Nothing but an exact copy is wanted: the line with "[0:00.0-0:12.0]" and each line after it in the data below, last line included.

Dataset entries
════════════════════

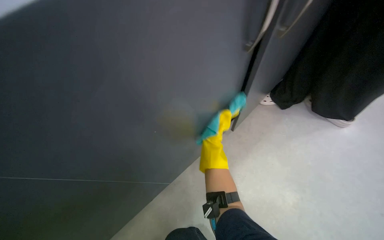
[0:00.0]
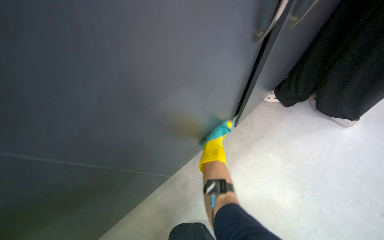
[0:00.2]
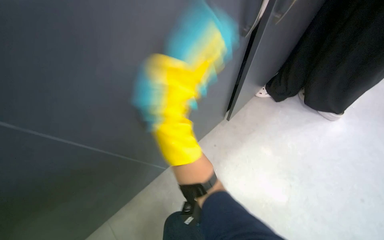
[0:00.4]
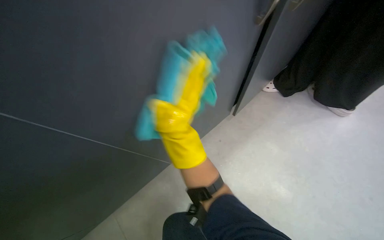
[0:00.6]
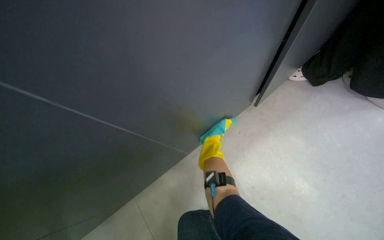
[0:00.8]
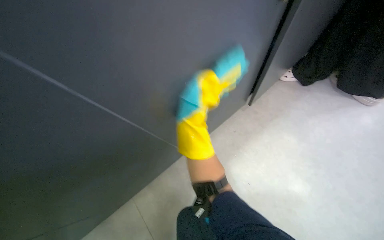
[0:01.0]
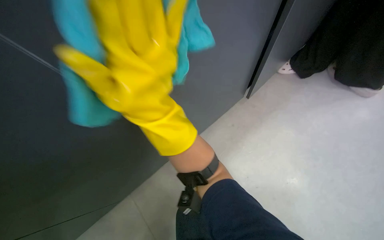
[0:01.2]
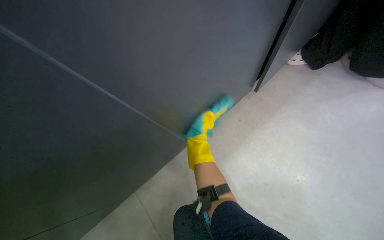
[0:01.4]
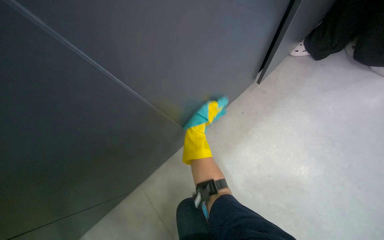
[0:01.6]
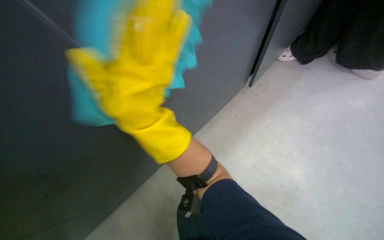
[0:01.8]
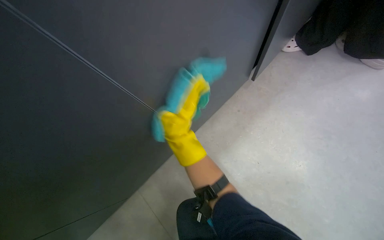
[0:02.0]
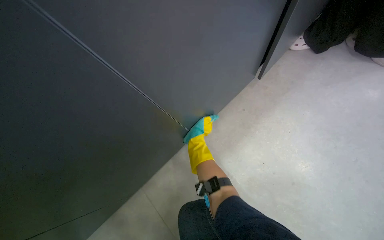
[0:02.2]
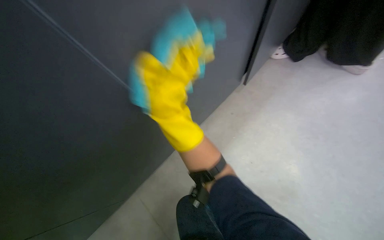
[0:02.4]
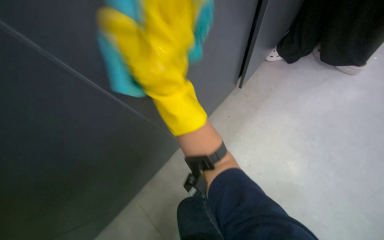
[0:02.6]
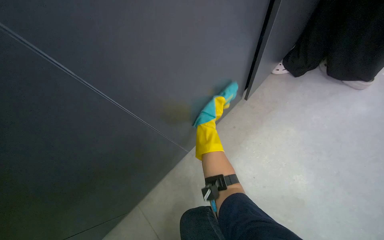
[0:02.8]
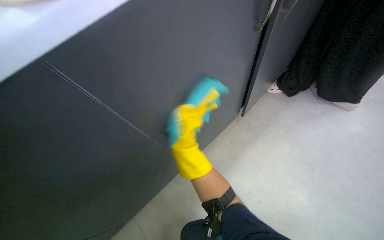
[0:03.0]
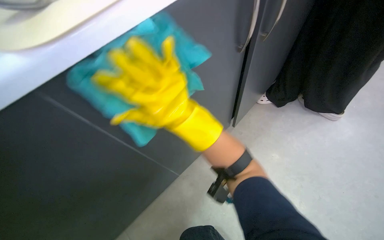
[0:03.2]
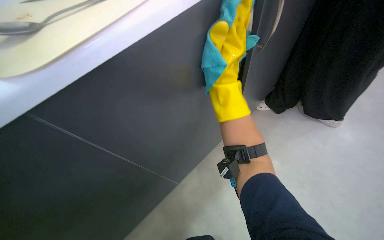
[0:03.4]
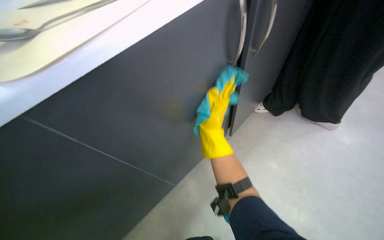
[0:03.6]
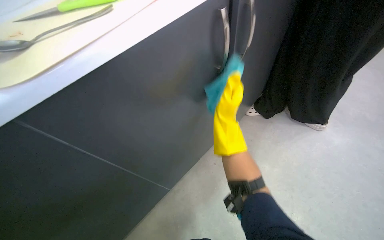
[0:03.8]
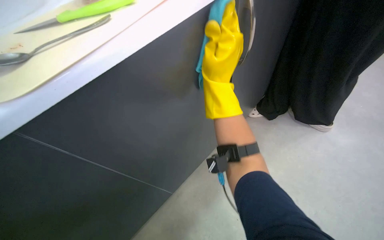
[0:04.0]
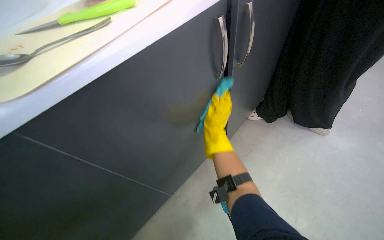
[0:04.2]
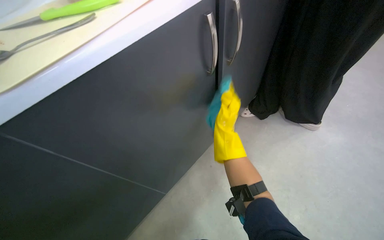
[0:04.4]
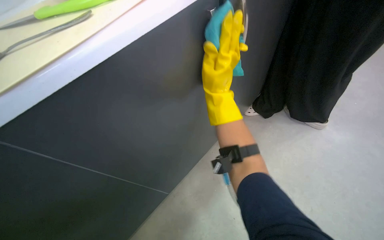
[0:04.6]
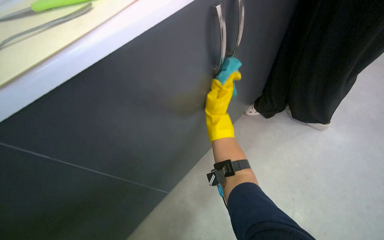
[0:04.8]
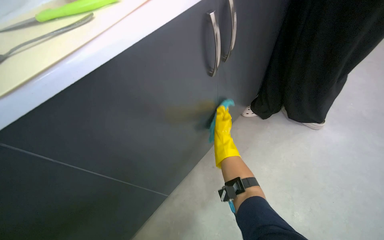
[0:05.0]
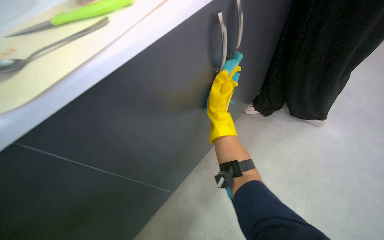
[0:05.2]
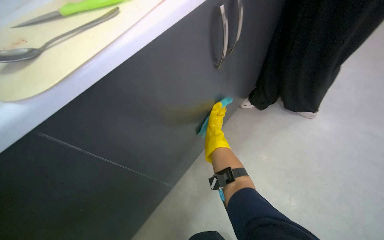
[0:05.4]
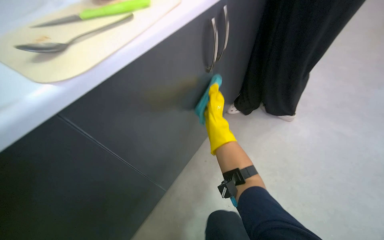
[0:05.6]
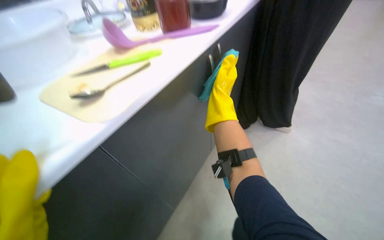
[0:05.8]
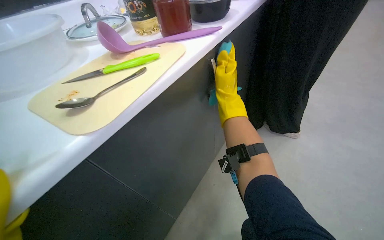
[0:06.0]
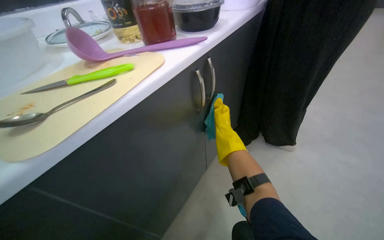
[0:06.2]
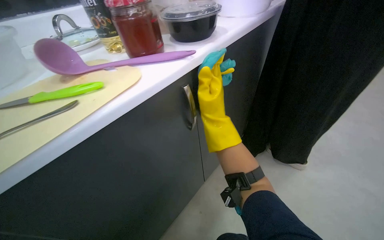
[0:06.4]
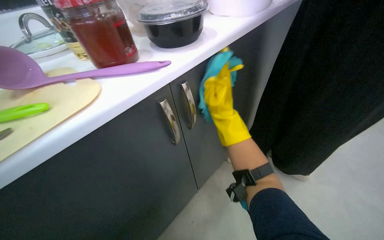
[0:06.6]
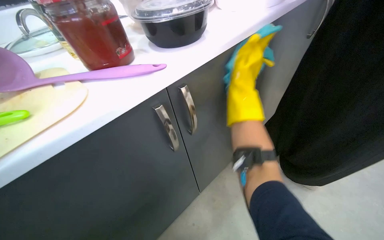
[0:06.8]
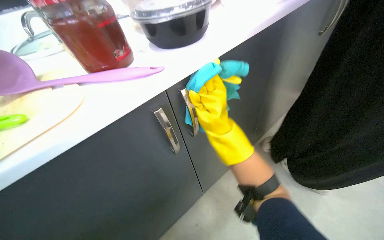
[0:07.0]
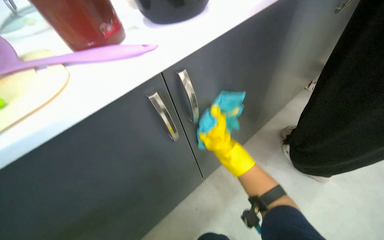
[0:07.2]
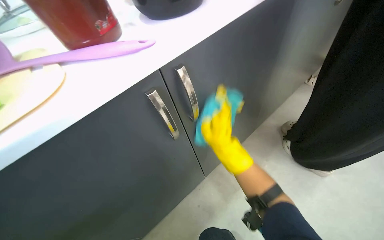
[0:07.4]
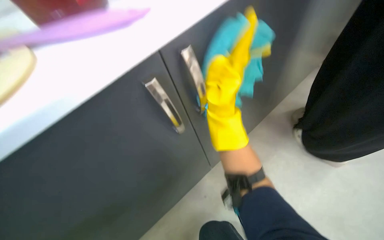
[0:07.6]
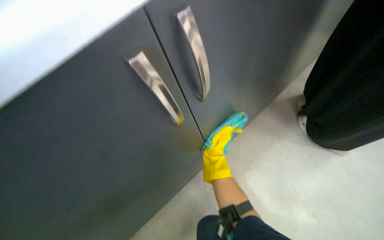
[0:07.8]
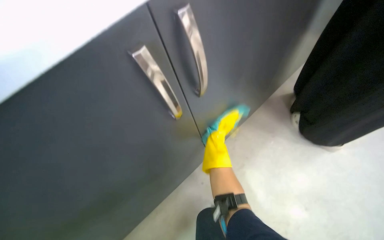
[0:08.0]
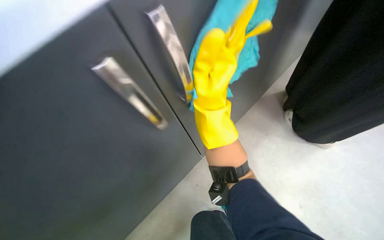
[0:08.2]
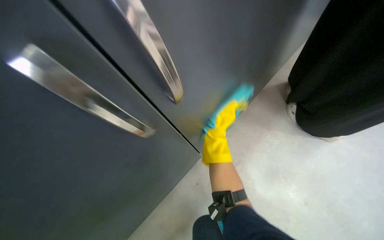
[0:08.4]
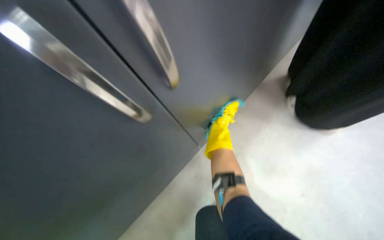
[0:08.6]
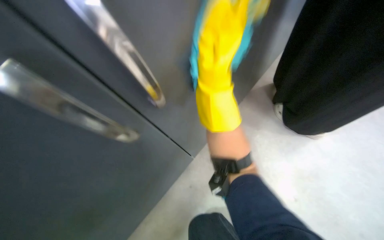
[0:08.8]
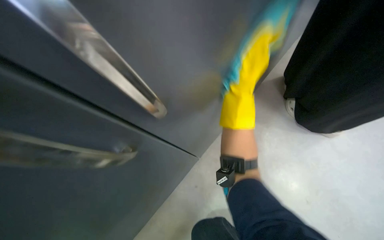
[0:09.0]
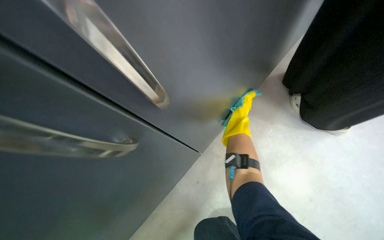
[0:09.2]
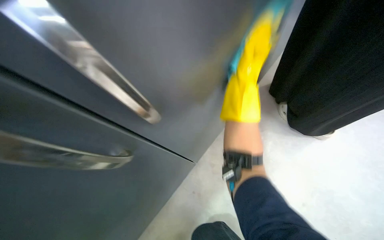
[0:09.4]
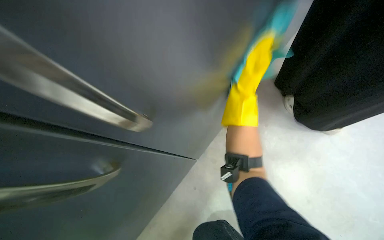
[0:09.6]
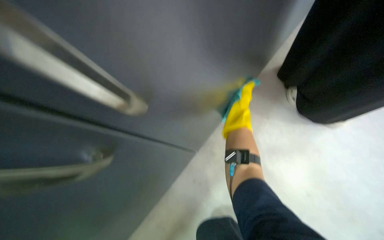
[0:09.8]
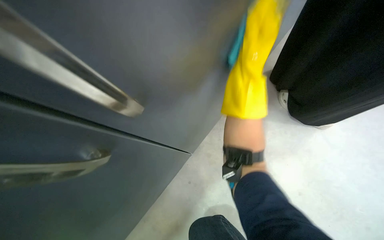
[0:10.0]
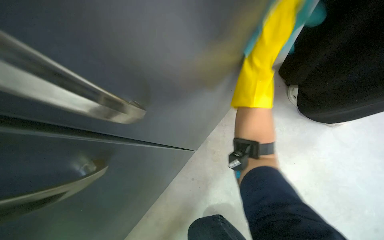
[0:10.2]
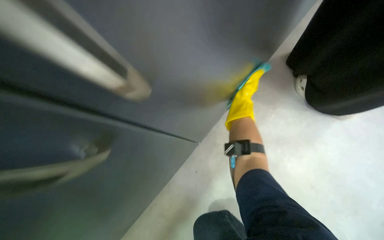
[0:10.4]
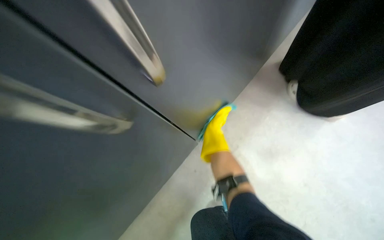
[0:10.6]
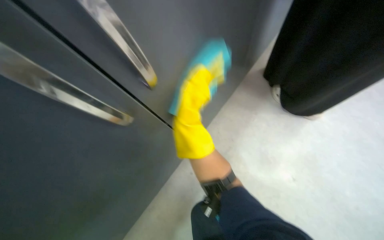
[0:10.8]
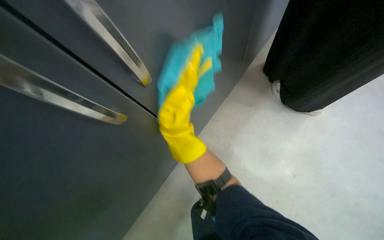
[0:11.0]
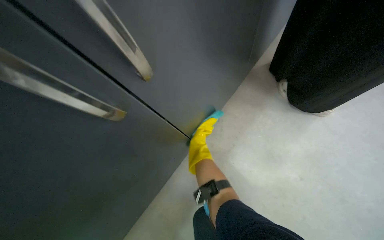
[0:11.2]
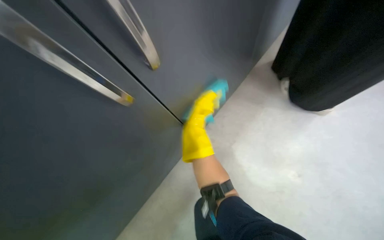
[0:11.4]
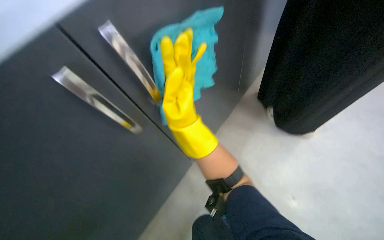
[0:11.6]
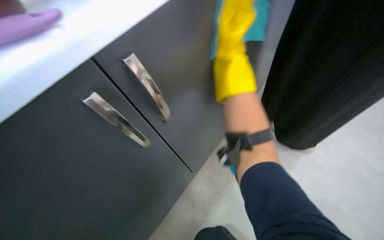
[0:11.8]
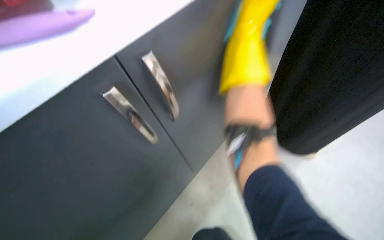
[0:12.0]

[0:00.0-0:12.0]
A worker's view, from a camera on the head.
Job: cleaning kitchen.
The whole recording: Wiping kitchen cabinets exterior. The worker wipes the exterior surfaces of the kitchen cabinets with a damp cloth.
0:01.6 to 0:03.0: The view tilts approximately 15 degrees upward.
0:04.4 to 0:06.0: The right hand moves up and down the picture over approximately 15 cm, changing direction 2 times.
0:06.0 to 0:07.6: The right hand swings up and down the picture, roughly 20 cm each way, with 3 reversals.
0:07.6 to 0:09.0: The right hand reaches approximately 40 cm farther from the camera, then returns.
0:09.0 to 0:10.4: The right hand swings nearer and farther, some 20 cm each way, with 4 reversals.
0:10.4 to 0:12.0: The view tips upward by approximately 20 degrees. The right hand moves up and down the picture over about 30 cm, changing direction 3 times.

════════════════════

- **SOLUTION FOR THIS EXERCISE**:
[0:00.0-0:12.0]
A worker's view, from a camera on the head.
Job: cleaning kitchen.
The whole recording: Wiping kitchen cabinets exterior. The worker wipes the exterior surfaces of the kitchen cabinets with a damp cloth.
0:01.6 to 0:03.0: The view tilts approximately 15 degrees upward.
0:04.4 to 0:06.0: The right hand moves up and down the picture over approximately 15 cm, changing direction 2 times.
0:06.0 to 0:07.6: The right hand swings up and down the picture, roughly 20 cm each way, with 3 reversals.
0:07.6 to 0:09.0: The right hand reaches approximately 40 cm farther from the camera, then returns.
0:09.0 to 0:10.4: The right hand swings nearer and farther, some 20 cm each way, with 4 reversals.
0:10.4 to 0:12.0: The view tips upward by approximately 20 degrees. The right hand moves up and down the picture over about 30 cm, changing direction 3 times.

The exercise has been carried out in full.